The National Rifle Association still remains the most powerful gun-rights group in the United States but more organizations are springing up in the battle for and against gun control.
The national gun rights groups are raising far more than gun control nonprofits, bringing in some $301 million in revenue, according to the most recent tax filings available, from 2012, with gun control proponents' groups raising just more than $16 million, reports
the Center for Public Integrity.
But the NRA is no longer the only game in town, and it's fighting against other highly funded groups such as Everytown for Gun Safety, a group backed by wealthy former New York City Mayor Michael Bloomberg.
Shannon Watts, the founder of Moms Demand Action for Gun Sense in America, told the center that there is now "a well-financed and formidable force positioned to take on the Washington gun lobby."
But such groups, while sounding optimistic, have a long way to go to fight the NRA, which has been around for nearly
150 years and boasts a budget of more than $200 million and a powerful grass-roots nationwide base.
The NRA isn't only fighting against gun control advocates but for funding from other gun-rights groups.
Gun Owners of America opposes all gun control measures, and the National Association for Gun Rights, which is anti-NRA, is posing a challenge for NRA funding.
NAGR's revenue has grown from $1.8 million in 2011 to $2.4 million in 2012, and complains the NRA isn't doing its job, according to the center.
"The NRA has taken gun owners’ money and, more importantly, their trust and used it to support those who have a horrible record when it comes to gun rights," the NAGR said in a press release, according to the center.
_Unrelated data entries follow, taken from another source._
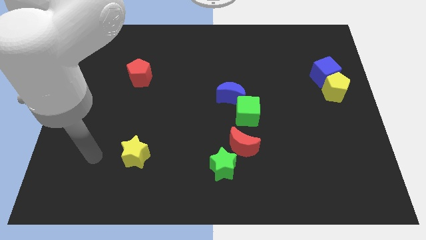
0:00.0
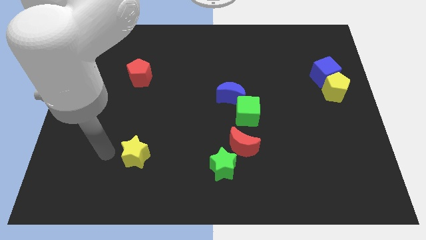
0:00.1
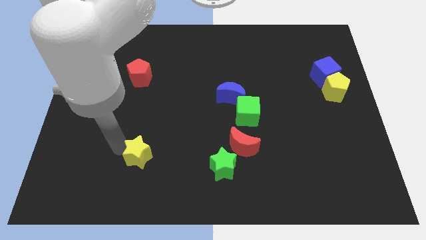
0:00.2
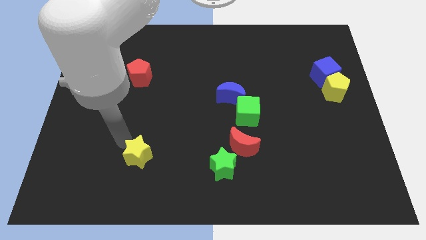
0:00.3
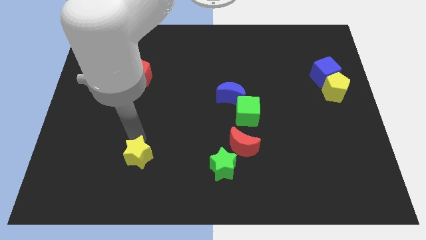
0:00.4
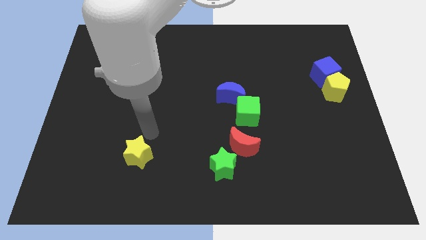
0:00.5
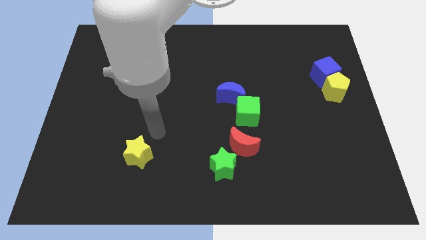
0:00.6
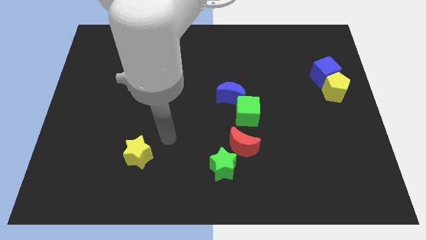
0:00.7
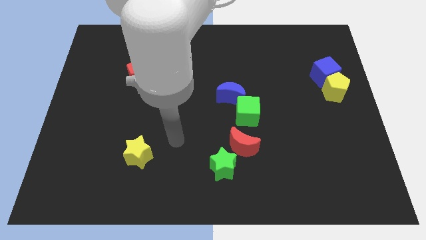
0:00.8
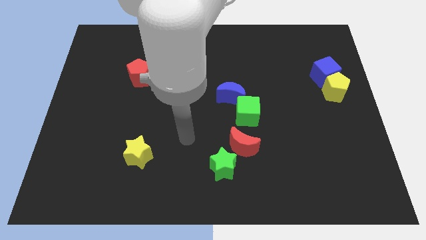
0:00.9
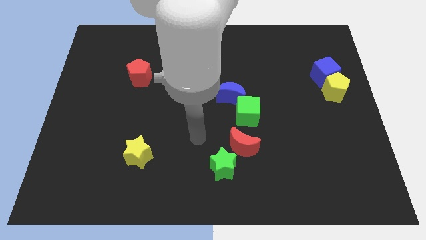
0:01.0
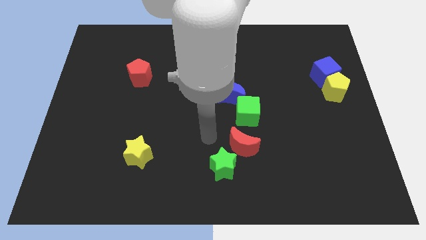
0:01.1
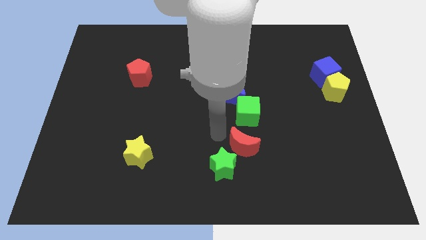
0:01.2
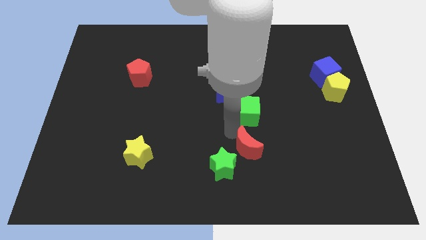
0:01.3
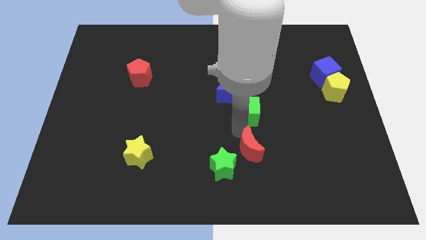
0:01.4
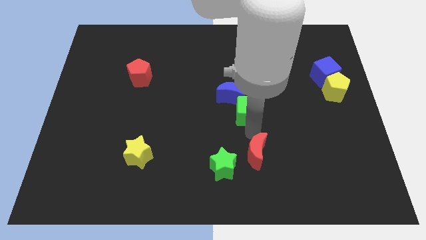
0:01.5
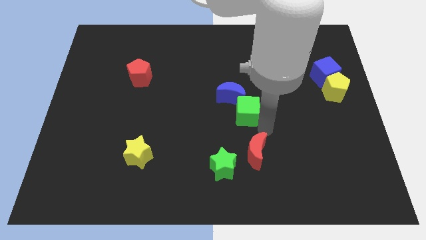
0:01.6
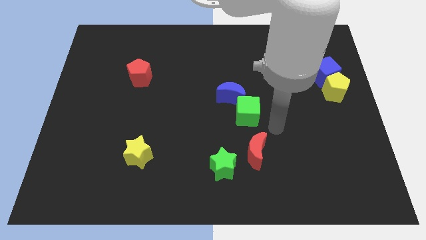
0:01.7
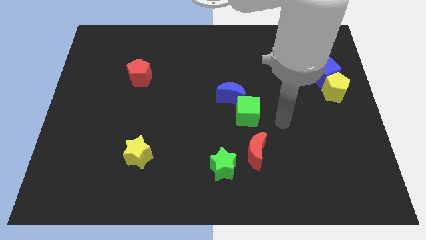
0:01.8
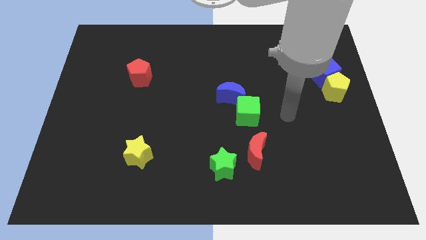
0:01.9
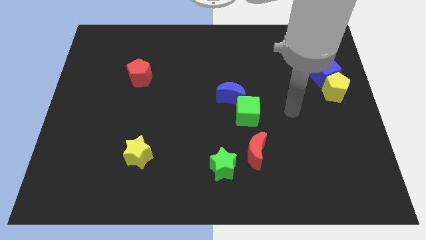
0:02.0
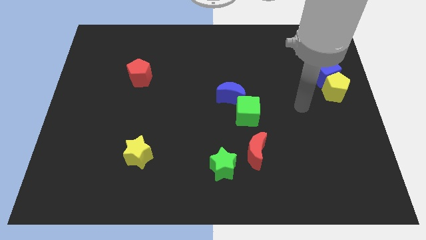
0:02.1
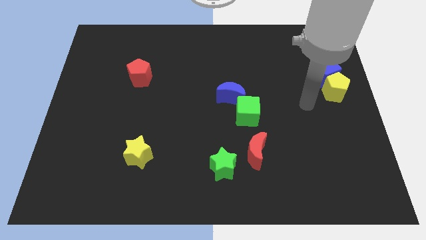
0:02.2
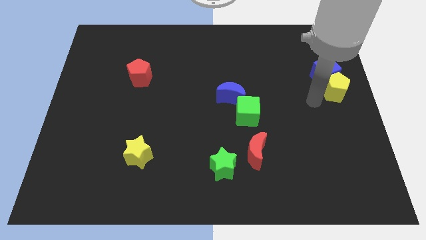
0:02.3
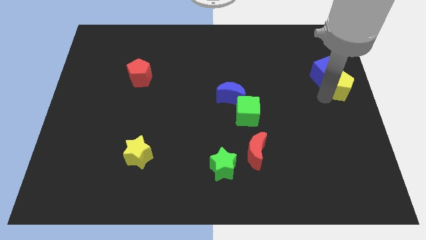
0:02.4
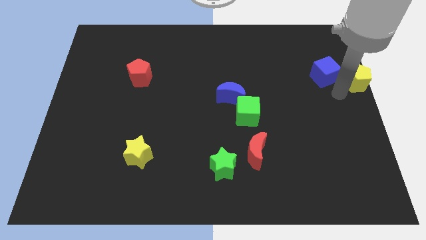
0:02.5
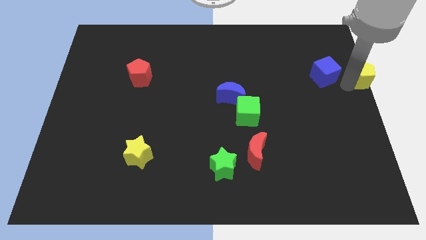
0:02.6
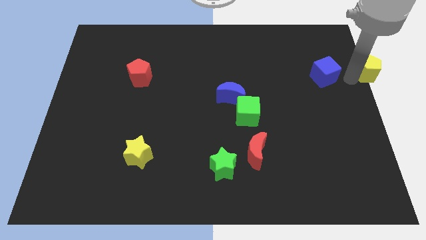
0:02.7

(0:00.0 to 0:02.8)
separate the blue cube from the yellow pentagon

Meanwhile, the NRA has criticized the actions of Open Carry Texas as "downright weird," a claim
it retracted after the group, which carries long guns in public as a protest against a Texas ban on openly carrying handguns, complained, the center reports.
As a result, even as the gun control movement grew in the wake of the Sandy Hook Elementary School shootings, people rushed to join with the NRA and with groups even more conservative because of fears of losing their rights to bear arms.
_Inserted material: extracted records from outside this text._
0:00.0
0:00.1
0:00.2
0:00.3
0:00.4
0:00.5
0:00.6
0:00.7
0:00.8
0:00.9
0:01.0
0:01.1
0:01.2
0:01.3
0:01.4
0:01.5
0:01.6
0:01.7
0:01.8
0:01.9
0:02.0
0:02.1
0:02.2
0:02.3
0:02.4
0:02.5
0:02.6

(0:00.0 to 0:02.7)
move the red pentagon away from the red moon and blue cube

Membership in not only the NRA, but the NAGR and others are growing, and the NRA is finding itself focusing on widening its appeal.
Meanwhile, the NRA often targets Bloomberg's group, even though his donation of $50 million to the cause is just about a quarter of what the NRA brings in yearly. The group also boasts some 5 million members.
The Brady Campaign to Prevent Gun Violence has also amassed power, including the passage of the Brady Act to mandate federal background checks for firearms purchases, and the assault weapons ban, both of which were signed in 1994 by then-President Bill Clinton. The assault weapons ban has since expired.
And while there have been a series of serious mass shootings since the 1999 Columbine High School attacks, including the Virginia Tech shootings in 2007; the gunfire in 2011 in Tucson, Arizona, that injured then-Rep. Gabrielle Giffords; the Aurora, Colorado, theater shootings in 2012; and then the Sandy Hook shootings.
The day after the Sandy Hook shootings, Moms Demand Action was formed, and Giffords and her husband, Mark Kelly, started Americans for Responsible Solutions on the second anniversary of her shooting.
But as far as 2014 campaign receipts go, political action committees are running side by side. The NRA's PAC had receipts of about $18 million by June 30, with the ARS PAC's coming in at $17.5 million. The ARS, though, has spent nearly $8.5 million, compared to the NRA's $2.7 million, the center reported, citing Federal Election Commission filings.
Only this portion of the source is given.